[Instructions to follow]
In the records below, find the line containing "Character: 頃", then reproduce that line and every one after it to the end, exactly and alone.

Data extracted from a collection
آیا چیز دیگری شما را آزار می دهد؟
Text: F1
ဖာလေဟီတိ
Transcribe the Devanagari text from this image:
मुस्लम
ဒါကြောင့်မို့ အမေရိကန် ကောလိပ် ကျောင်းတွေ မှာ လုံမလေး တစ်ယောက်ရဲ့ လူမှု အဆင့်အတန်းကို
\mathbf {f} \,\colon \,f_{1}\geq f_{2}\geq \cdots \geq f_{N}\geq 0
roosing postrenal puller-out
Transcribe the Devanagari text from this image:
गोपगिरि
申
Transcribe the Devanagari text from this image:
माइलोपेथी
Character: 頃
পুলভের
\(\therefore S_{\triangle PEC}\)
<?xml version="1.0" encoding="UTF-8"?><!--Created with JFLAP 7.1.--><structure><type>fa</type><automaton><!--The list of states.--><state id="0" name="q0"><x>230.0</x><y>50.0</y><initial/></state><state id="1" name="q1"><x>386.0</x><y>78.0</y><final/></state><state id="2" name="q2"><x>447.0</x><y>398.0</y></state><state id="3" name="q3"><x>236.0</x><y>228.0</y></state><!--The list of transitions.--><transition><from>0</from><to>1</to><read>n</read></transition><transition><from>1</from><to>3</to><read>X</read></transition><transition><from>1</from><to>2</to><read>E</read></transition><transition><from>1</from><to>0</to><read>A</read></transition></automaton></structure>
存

[Answer for the task]
Character: 頃
পুলভের
\(\therefore S_{\triangle PEC}\)
<?xml version="1.0" encoding="UTF-8"?><!--Created with JFLAP 7.1.--><structure><type>fa</type><automaton><!--The list of states.--><state id="0" name="q0"><x>230.0</x><y>50.0</y><initial/></state><state id="1" name="q1"><x>386.0</x><y>78.0</y><final/></state><state id="2" name="q2"><x>447.0</x><y>398.0</y></state><state id="3" name="q3"><x>236.0</x><y>228.0</y></state><!--The list of transitions.--><transition><from>0</from><to>1</to><read>n</read></transition><transition><from>1</from><to>3</to><read>X</read></transition><transition><from>1</from><to>2</to><read>E</read></transition><transition><from>1</from><to>0</to><read>A</read></transition></automaton></structure>
存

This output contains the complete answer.